* [Data section]
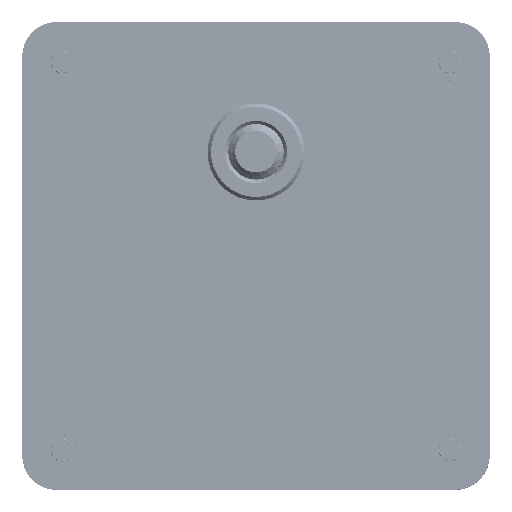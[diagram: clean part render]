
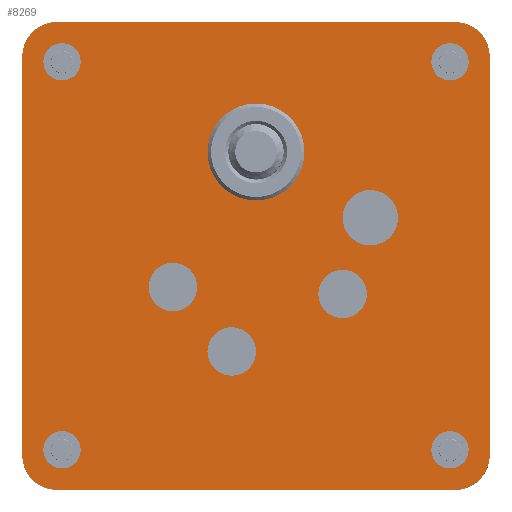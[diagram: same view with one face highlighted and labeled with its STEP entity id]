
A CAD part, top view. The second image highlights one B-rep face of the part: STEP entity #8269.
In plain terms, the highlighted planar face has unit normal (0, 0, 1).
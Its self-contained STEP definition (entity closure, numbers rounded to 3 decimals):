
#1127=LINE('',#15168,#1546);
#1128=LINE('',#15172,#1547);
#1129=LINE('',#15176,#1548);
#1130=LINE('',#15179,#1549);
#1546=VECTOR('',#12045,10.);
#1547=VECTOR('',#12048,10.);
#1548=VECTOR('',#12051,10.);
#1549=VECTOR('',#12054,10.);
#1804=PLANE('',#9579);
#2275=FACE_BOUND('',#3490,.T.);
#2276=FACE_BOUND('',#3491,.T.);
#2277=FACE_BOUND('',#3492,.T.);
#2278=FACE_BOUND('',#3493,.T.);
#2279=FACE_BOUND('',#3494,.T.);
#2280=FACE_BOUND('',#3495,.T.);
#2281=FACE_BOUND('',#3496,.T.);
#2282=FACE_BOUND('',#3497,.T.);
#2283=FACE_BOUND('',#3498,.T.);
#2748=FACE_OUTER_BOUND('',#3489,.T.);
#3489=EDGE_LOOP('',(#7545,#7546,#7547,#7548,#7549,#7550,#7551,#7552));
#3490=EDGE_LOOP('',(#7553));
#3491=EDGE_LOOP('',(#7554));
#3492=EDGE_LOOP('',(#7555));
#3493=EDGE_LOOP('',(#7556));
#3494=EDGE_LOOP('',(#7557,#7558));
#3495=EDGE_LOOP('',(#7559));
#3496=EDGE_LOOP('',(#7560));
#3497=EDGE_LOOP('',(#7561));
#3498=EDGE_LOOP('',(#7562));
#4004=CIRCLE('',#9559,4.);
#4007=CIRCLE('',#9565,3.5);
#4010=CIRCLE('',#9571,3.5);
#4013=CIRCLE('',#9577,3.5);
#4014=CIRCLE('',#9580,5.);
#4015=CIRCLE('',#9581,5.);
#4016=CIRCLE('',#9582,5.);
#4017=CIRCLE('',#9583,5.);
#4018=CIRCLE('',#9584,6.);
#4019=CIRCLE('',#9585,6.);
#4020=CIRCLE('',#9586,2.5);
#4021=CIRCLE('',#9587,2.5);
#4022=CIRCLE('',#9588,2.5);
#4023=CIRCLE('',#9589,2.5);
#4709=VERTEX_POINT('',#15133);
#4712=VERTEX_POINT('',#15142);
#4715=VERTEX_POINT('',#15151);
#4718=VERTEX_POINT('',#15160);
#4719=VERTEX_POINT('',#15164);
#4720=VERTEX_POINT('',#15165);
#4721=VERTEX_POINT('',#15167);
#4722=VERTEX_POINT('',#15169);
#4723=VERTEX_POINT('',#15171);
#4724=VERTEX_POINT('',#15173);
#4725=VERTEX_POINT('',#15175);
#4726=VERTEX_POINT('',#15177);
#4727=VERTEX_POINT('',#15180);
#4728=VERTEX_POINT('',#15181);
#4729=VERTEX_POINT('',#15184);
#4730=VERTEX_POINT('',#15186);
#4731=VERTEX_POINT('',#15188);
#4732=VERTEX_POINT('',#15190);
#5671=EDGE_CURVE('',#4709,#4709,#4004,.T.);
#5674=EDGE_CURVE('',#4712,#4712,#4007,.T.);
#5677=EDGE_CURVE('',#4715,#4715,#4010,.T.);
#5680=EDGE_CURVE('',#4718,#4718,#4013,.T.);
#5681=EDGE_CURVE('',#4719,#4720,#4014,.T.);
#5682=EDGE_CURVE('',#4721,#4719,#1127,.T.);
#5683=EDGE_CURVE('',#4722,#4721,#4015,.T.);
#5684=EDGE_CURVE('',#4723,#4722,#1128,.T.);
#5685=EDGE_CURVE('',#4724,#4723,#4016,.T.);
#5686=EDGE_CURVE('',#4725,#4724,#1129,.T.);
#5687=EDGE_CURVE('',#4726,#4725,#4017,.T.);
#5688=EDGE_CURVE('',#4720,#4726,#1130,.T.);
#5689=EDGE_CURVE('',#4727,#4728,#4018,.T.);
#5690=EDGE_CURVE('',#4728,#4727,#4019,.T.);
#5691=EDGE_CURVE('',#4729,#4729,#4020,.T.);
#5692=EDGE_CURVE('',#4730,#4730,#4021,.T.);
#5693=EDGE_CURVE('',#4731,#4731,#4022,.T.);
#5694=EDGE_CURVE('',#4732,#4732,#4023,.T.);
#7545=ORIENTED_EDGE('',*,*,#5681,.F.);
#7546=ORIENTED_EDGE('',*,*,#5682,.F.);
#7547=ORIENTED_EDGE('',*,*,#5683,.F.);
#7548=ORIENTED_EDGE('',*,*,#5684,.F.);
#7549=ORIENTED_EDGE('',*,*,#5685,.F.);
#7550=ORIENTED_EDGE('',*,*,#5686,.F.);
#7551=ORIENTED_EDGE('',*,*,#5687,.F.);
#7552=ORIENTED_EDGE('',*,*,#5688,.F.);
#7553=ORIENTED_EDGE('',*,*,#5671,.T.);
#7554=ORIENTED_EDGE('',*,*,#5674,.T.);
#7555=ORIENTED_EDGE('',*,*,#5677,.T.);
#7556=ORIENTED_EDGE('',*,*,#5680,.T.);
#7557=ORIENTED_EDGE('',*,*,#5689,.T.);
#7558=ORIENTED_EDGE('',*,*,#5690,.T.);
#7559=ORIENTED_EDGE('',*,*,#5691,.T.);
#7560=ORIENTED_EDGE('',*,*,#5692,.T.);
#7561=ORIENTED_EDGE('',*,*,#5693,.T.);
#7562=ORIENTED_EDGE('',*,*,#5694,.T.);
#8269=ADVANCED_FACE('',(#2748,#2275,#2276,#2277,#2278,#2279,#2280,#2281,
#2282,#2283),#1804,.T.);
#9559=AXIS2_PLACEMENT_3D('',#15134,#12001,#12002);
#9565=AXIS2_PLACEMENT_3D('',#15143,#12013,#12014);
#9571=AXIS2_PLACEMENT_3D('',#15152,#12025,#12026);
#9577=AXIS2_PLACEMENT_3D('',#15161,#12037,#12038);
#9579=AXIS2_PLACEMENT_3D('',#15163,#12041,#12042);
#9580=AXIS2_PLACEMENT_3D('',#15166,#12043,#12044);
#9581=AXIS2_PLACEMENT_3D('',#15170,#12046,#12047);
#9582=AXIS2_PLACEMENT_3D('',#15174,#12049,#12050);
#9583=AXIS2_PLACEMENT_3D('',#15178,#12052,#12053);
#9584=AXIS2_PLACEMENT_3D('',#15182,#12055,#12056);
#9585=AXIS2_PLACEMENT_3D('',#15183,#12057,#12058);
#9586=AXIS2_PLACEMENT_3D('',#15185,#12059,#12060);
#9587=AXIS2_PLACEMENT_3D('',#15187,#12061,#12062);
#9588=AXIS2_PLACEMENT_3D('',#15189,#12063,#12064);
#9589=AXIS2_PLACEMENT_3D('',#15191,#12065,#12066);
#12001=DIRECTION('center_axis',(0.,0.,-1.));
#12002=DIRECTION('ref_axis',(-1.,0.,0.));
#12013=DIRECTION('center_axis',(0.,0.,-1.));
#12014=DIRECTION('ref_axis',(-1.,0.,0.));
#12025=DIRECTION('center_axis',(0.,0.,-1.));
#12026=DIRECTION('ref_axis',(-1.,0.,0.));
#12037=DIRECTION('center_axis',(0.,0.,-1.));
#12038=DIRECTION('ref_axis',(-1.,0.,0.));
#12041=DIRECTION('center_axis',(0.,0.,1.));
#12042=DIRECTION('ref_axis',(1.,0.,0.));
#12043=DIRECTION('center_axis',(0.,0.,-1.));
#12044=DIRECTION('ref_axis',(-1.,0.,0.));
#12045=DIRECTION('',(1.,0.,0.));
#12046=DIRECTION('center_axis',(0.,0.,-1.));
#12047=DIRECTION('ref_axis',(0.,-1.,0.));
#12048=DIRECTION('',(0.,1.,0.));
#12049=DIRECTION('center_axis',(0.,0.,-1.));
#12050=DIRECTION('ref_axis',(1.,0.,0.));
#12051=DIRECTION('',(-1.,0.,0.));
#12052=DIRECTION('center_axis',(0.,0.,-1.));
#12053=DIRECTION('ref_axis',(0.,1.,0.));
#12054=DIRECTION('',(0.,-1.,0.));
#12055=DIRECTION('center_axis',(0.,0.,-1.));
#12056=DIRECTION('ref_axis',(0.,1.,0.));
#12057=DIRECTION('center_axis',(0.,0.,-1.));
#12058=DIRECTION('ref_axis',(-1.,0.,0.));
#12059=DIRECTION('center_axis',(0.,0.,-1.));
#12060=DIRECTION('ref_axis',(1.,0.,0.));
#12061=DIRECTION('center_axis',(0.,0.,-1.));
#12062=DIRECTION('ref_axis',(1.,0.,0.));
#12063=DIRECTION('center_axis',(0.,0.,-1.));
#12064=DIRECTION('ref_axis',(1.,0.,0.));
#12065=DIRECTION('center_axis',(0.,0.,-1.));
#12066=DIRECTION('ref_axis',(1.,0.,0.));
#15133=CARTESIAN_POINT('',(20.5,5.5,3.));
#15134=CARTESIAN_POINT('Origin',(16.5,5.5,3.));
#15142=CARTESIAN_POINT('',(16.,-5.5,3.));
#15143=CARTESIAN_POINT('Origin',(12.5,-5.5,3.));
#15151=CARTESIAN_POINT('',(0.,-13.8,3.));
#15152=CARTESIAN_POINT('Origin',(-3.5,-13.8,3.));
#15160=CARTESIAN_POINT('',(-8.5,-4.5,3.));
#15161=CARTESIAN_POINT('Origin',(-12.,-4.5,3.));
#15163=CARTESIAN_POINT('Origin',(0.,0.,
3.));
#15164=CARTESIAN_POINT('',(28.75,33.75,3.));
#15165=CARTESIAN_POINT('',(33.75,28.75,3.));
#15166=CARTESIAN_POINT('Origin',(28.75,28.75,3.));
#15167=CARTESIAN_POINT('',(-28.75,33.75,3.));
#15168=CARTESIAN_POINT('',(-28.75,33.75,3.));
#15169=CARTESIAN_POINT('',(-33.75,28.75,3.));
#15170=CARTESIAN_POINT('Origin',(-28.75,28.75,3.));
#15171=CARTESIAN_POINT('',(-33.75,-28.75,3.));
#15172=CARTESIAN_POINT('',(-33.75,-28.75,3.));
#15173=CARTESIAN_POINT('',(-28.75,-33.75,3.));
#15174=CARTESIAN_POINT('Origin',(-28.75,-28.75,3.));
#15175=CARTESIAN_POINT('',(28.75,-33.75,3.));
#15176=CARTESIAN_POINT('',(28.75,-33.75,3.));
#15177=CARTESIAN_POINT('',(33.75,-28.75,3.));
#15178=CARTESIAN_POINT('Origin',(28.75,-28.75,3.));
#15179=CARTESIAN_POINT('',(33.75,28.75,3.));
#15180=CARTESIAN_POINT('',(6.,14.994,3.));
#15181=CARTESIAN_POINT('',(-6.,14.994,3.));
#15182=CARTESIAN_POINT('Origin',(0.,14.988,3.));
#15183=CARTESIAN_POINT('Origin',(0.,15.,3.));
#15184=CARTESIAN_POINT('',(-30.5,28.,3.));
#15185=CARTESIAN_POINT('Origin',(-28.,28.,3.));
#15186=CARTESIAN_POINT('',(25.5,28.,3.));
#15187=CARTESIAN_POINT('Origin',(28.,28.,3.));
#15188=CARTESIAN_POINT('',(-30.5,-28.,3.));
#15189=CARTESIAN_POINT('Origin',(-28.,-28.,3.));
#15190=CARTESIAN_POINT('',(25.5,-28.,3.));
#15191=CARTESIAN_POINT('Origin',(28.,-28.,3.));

* [Directions for this task]
Everything from the first line of the records through the line containing "#4724=VERTEX_POINT('',#15173);" should be reproduced exactly, apart from the pictures.

* [Answer section]
[diagram: clean part render]
[diagram: same view with one face highlighted and labeled with its STEP entity id]
A CAD part, top view. The second image highlights one B-rep face of the part: STEP entity #8269.
In plain terms, the highlighted planar face has unit normal (0, 0, 1).
Its self-contained STEP definition (entity closure, numbers rounded to 3 decimals):
#1127=LINE('',#15168,#1546);
#1128=LINE('',#15172,#1547);
#1129=LINE('',#15176,#1548);
#1130=LINE('',#15179,#1549);
#1546=VECTOR('',#12045,10.);
#1547=VECTOR('',#12048,10.);
#1548=VECTOR('',#12051,10.);
#1549=VECTOR('',#12054,10.);
#1804=PLANE('',#9579);
#2275=FACE_BOUND('',#3490,.T.);
#2276=FACE_BOUND('',#3491,.T.);
#2277=FACE_BOUND('',#3492,.T.);
#2278=FACE_BOUND('',#3493,.T.);
#2279=FACE_BOUND('',#3494,.T.);
#2280=FACE_BOUND('',#3495,.T.);
#2281=FACE_BOUND('',#3496,.T.);
#2282=FACE_BOUND('',#3497,.T.);
#2283=FACE_BOUND('',#3498,.T.);
#2748=FACE_OUTER_BOUND('',#3489,.T.);
#3489=EDGE_LOOP('',(#7545,#7546,#7547,#7548,#7549,#7550,#7551,#7552));
#3490=EDGE_LOOP('',(#7553));
#3491=EDGE_LOOP('',(#7554));
#3492=EDGE_LOOP('',(#7555));
#3493=EDGE_LOOP('',(#7556));
#3494=EDGE_LOOP('',(#7557,#7558));
#3495=EDGE_LOOP('',(#7559));
#3496=EDGE_LOOP('',(#7560));
#3497=EDGE_LOOP('',(#7561));
#3498=EDGE_LOOP('',(#7562));
#4004=CIRCLE('',#9559,4.);
#4007=CIRCLE('',#9565,3.5);
#4010=CIRCLE('',#9571,3.5);
#4013=CIRCLE('',#9577,3.5);
#4014=CIRCLE('',#9580,5.);
#4015=CIRCLE('',#9581,5.);
#4016=CIRCLE('',#9582,5.);
#4017=CIRCLE('',#9583,5.);
#4018=CIRCLE('',#9584,6.);
#4019=CIRCLE('',#9585,6.);
#4020=CIRCLE('',#9586,2.5);
#4021=CIRCLE('',#9587,2.5);
#4022=CIRCLE('',#9588,2.5);
#4023=CIRCLE('',#9589,2.5);
#4709=VERTEX_POINT('',#15133);
#4712=VERTEX_POINT('',#15142);
#4715=VERTEX_POINT('',#15151);
#4718=VERTEX_POINT('',#15160);
#4719=VERTEX_POINT('',#15164);
#4720=VERTEX_POINT('',#15165);
#4721=VERTEX_POINT('',#15167);
#4722=VERTEX_POINT('',#15169);
#4723=VERTEX_POINT('',#15171);
#4724=VERTEX_POINT('',#15173);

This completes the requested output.